◆ YOUR OBJECTIVE
Without the pictures, write out all the lines below exactly as they appear.

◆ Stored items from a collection
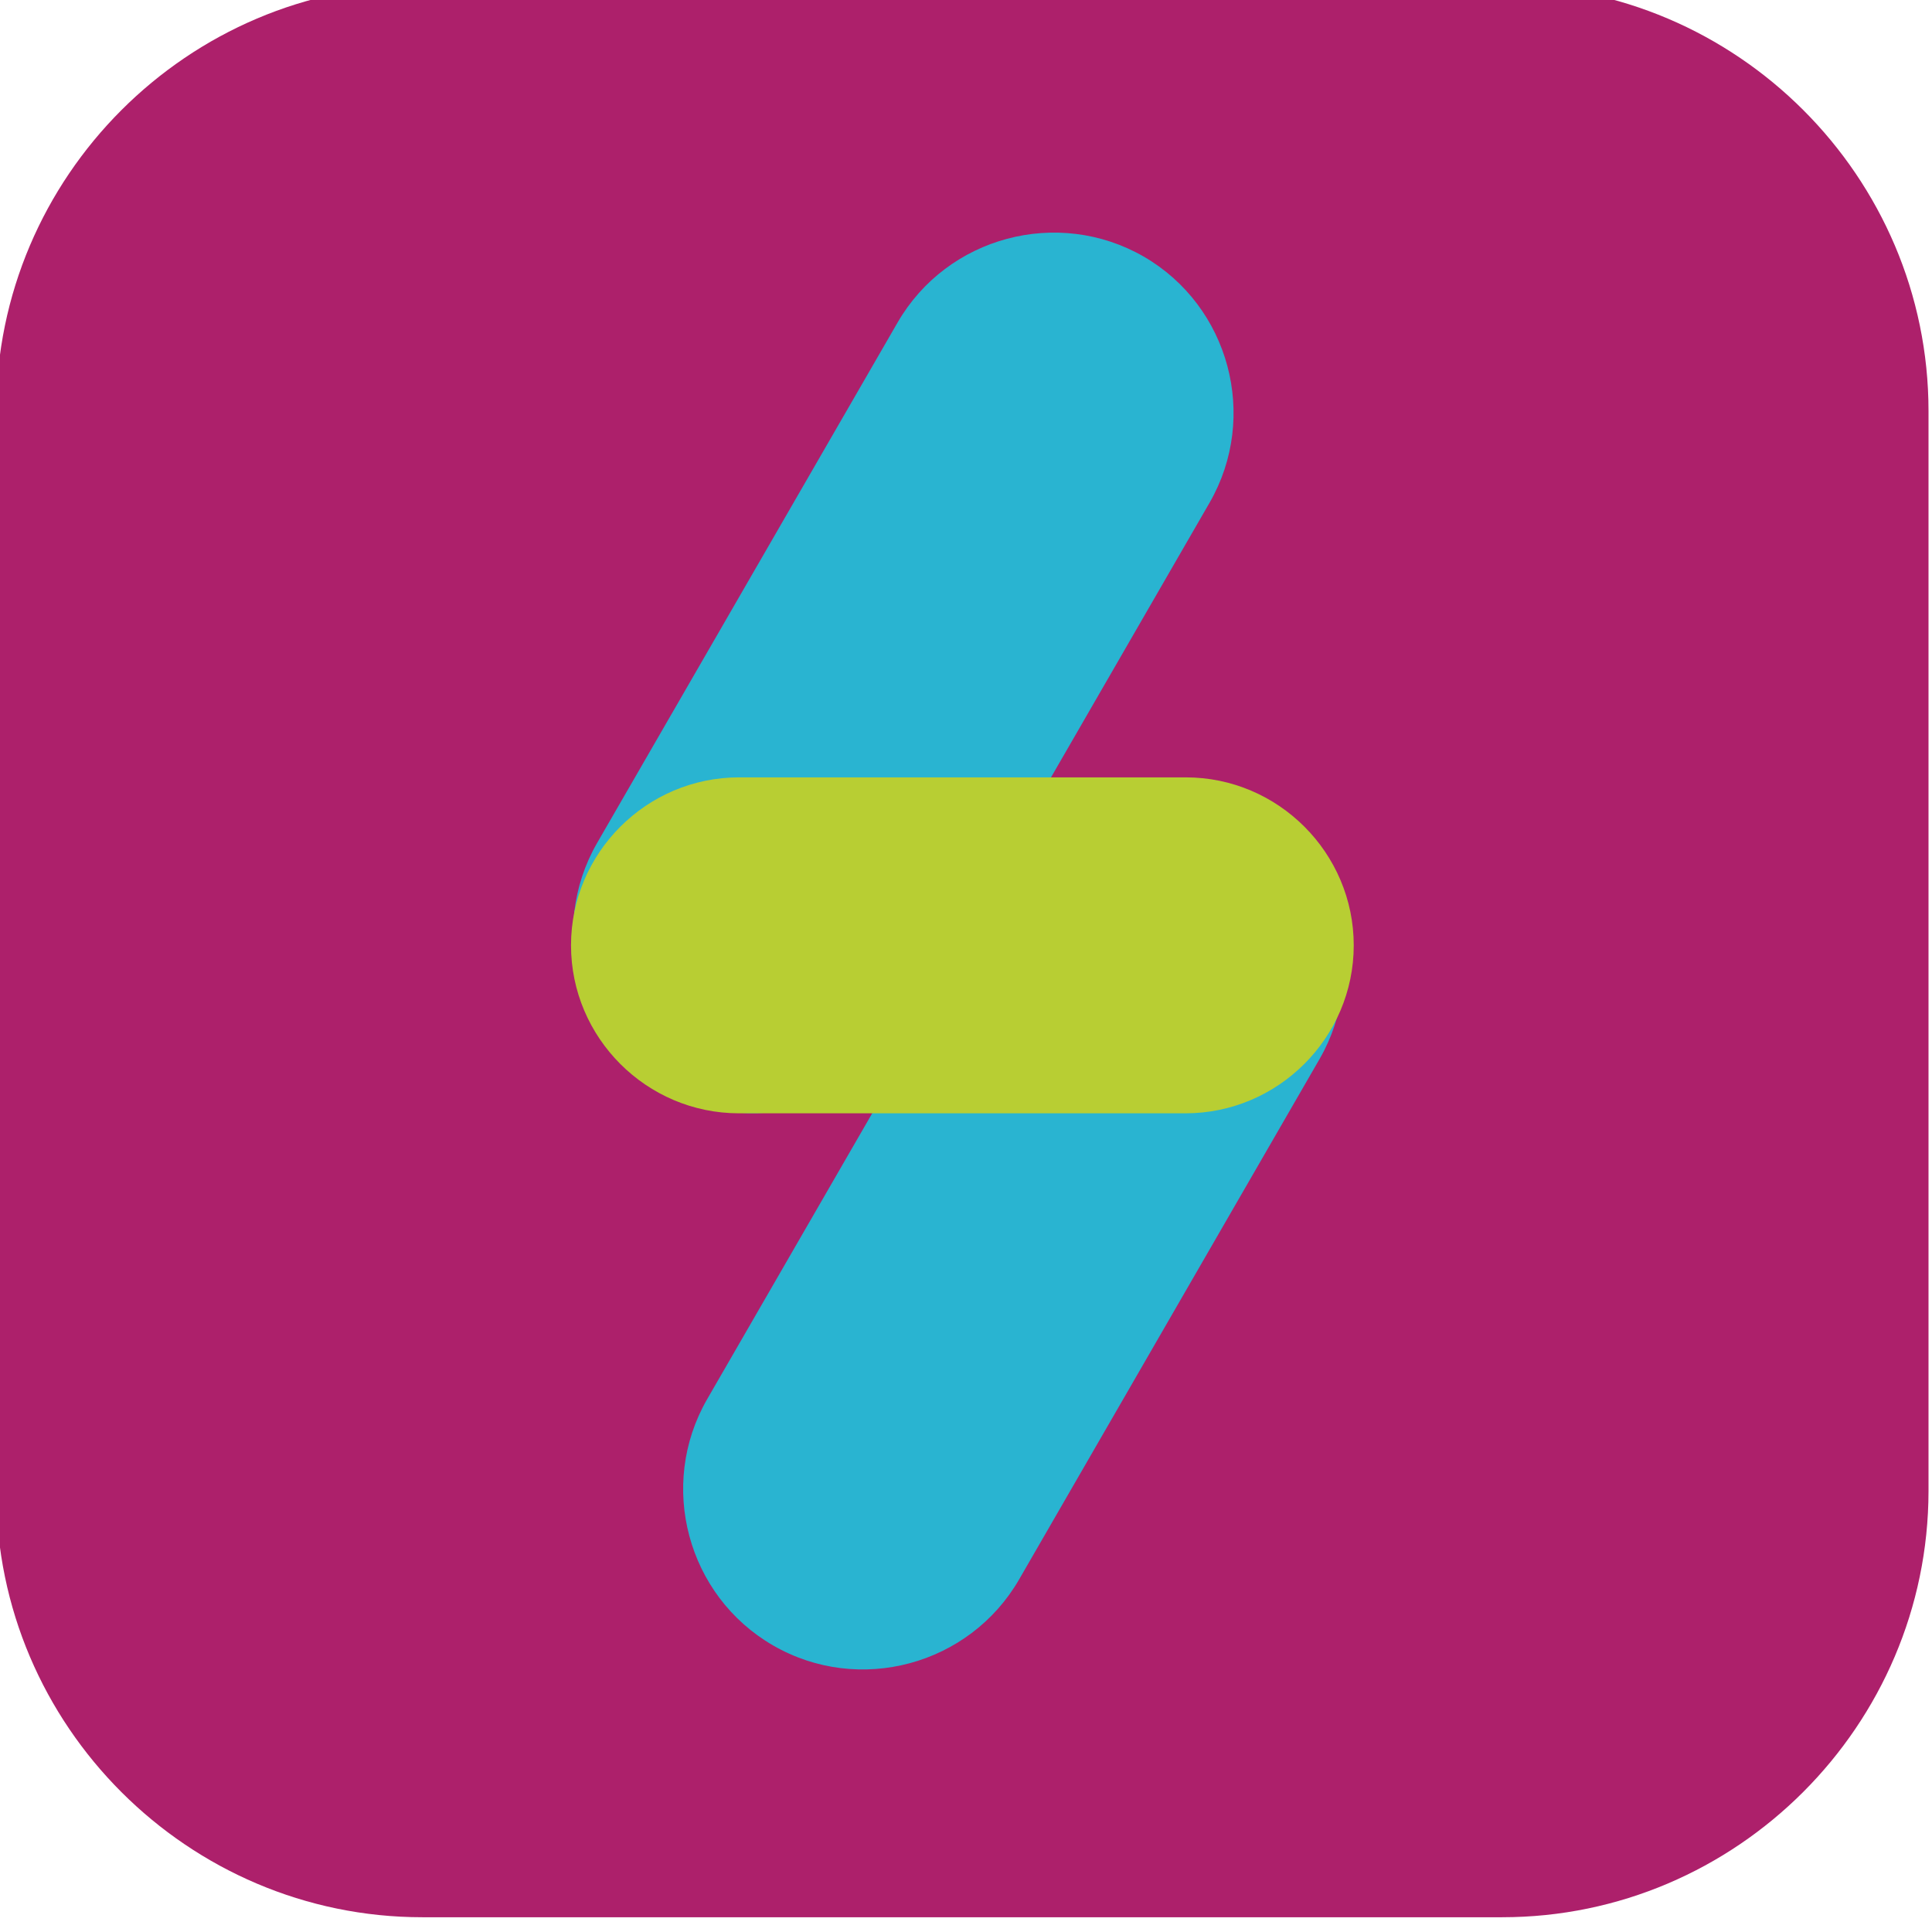 <?xml version="1.0" encoding="utf-8"?>
<!-- Generator: Adobe Illustrator 25.3.0, SVG Export Plug-In . SVG Version: 6.00 Build 0)  -->
<svg version="1.1" id="Layer_1" xmlns="http://www.w3.org/2000/svg" xmlns:xlink="http://www.w3.org/1999/xlink" x="0px" y="0px"
	 viewBox="0 0 72 72" style="enable-background:new 0 0 72 72;" xml:space="preserve">
<style type="text/css">
	.st0{fill:#B8CE33;}
	.st1{fill:#59153C;}
	.st2{fill:#AD206B;}
	.st3{fill:#007DA2;}
	.st4{fill:#5FC6C9;}
	.st5{fill:#AD206C;}
	.st6{fill:none;stroke:#B8CE33;stroke-width:9;stroke-linecap:round;stroke-miterlimit:10;}
	.st7{fill:none;stroke:#5FC6C9;stroke-width:9;stroke-linecap:round;stroke-miterlimit:10;}
	.st8{fill:none;stroke:#007DA2;stroke-width:9;stroke-linecap:round;stroke-miterlimit:10;}
	.st9{fill:none;stroke:#AD206B;stroke-width:9;stroke-linecap:round;stroke-miterlimit:10;}
	.st10{fill:none;stroke:#59153C;stroke-width:9;stroke-linecap:round;stroke-miterlimit:10;}
	.st11{fill:#007DA2;stroke:#007DA2;stroke-width:9;stroke-linecap:round;stroke-miterlimit:10;}
	.st12{fill:#AD206B;stroke:#AD206B;stroke-width:9;stroke-linecap:round;stroke-miterlimit:10;}
	.st13{fill:#29B4D1;}
</style>
<path class="st2" d="M55.98,71.45H15.74c-8.73,0-15.88-7.14-15.88-15.88V15.32c0-8.73,7.14-15.88,15.88-15.88h40.25
	c8.73,0,15.88,7.14,15.88,15.88v40.25C71.86,64.3,64.72,71.45,55.98,71.45z"/>
<g>
	<path class="st13" d="M24.71,40.59L24.71,40.59c-3.2-1.85-4.3-5.97-2.46-9.17l11.2-19.4c1.85-3.2,5.97-4.3,9.17-2.46l0,0
		c3.2,1.85,4.3,5.97,2.46,9.17l-11.2,19.4C32.03,41.33,27.91,42.44,24.71,40.59z"/>
	<path class="st13" d="M28.81,61.32L28.81,61.32c-3.2-1.85-4.3-5.97-2.46-9.17l11.2-19.4c1.85-3.2,5.97-4.3,9.17-2.46l0,0
		c3.2,1.85,4.3,5.97,2.46,9.17l-11.2,19.4C36.13,62.06,32.01,63.17,28.81,61.32z"/>
	<path class="st0" d="M44.18,41.49H27.54c-3.45,0-6.26-2.82-6.26-6.26v0c0-3.45,2.82-6.26,6.26-6.26h16.65
		c3.45,0,6.26,2.82,6.26,6.26v0C50.45,38.67,47.63,41.49,44.18,41.49z"/>
</g>
</svg>

◆ WRITTEN ANSWER
 <?xml version="1.0" encoding="utf-8"?>
<!-- Generator: Adobe Illustrator 25.3.0, SVG Export Plug-In . SVG Version: 6.00 Build 0)  -->
<svg version="1.1" id="Layer_1" xmlns="http://www.w3.org/2000/svg" xmlns:xlink="http://www.w3.org/1999/xlink" x="0px" y="0px"
	 viewBox="0 0 72 72" style="enable-background:new 0 0 72 72;" xml:space="preserve">
<style type="text/css">
	.st0{fill:#B8CE33;}
	.st1{fill:#59153C;}
	.st2{fill:#AD206B;}
	.st3{fill:#007DA2;}
	.st4{fill:#5FC6C9;}
	.st5{fill:#AD206C;}
	.st6{fill:none;stroke:#B8CE33;stroke-width:9;stroke-linecap:round;stroke-miterlimit:10;}
	.st7{fill:none;stroke:#5FC6C9;stroke-width:9;stroke-linecap:round;stroke-miterlimit:10;}
	.st8{fill:none;stroke:#007DA2;stroke-width:9;stroke-linecap:round;stroke-miterlimit:10;}
	.st9{fill:none;stroke:#AD206B;stroke-width:9;stroke-linecap:round;stroke-miterlimit:10;}
	.st10{fill:none;stroke:#59153C;stroke-width:9;stroke-linecap:round;stroke-miterlimit:10;}
	.st11{fill:#007DA2;stroke:#007DA2;stroke-width:9;stroke-linecap:round;stroke-miterlimit:10;}
	.st12{fill:#AD206B;stroke:#AD206B;stroke-width:9;stroke-linecap:round;stroke-miterlimit:10;}
	.st13{fill:#29B4D1;}
</style>
<path class="st2" d="M55.98,71.45H15.74c-8.73,0-15.88-7.14-15.88-15.88V15.32c0-8.73,7.14-15.88,15.88-15.88h40.25
	c8.73,0,15.88,7.14,15.88,15.88v40.25C71.86,64.3,64.72,71.45,55.98,71.45z"/>
<g>
	<path class="st13" d="M24.71,40.59L24.71,40.59c-3.2-1.85-4.3-5.97-2.46-9.17l11.2-19.4c1.85-3.2,5.97-4.3,9.17-2.46l0,0
		c3.2,1.85,4.3,5.97,2.46,9.17l-11.2,19.4C32.03,41.33,27.91,42.44,24.71,40.59z"/>
	<path class="st13" d="M28.81,61.32L28.81,61.32c-3.2-1.85-4.3-5.97-2.46-9.17l11.2-19.4c1.85-3.2,5.97-4.3,9.17-2.46l0,0
		c3.2,1.85,4.3,5.97,2.46,9.17l-11.2,19.4C36.13,62.06,32.01,63.17,28.81,61.32z"/>
	<path class="st0" d="M44.18,41.49H27.54c-3.45,0-6.26-2.82-6.26-6.26v0c0-3.45,2.82-6.26,6.26-6.26h16.65
		c3.45,0,6.26,2.82,6.26,6.26v0C50.45,38.67,47.63,41.49,44.18,41.49z"/>
</g>
</svg>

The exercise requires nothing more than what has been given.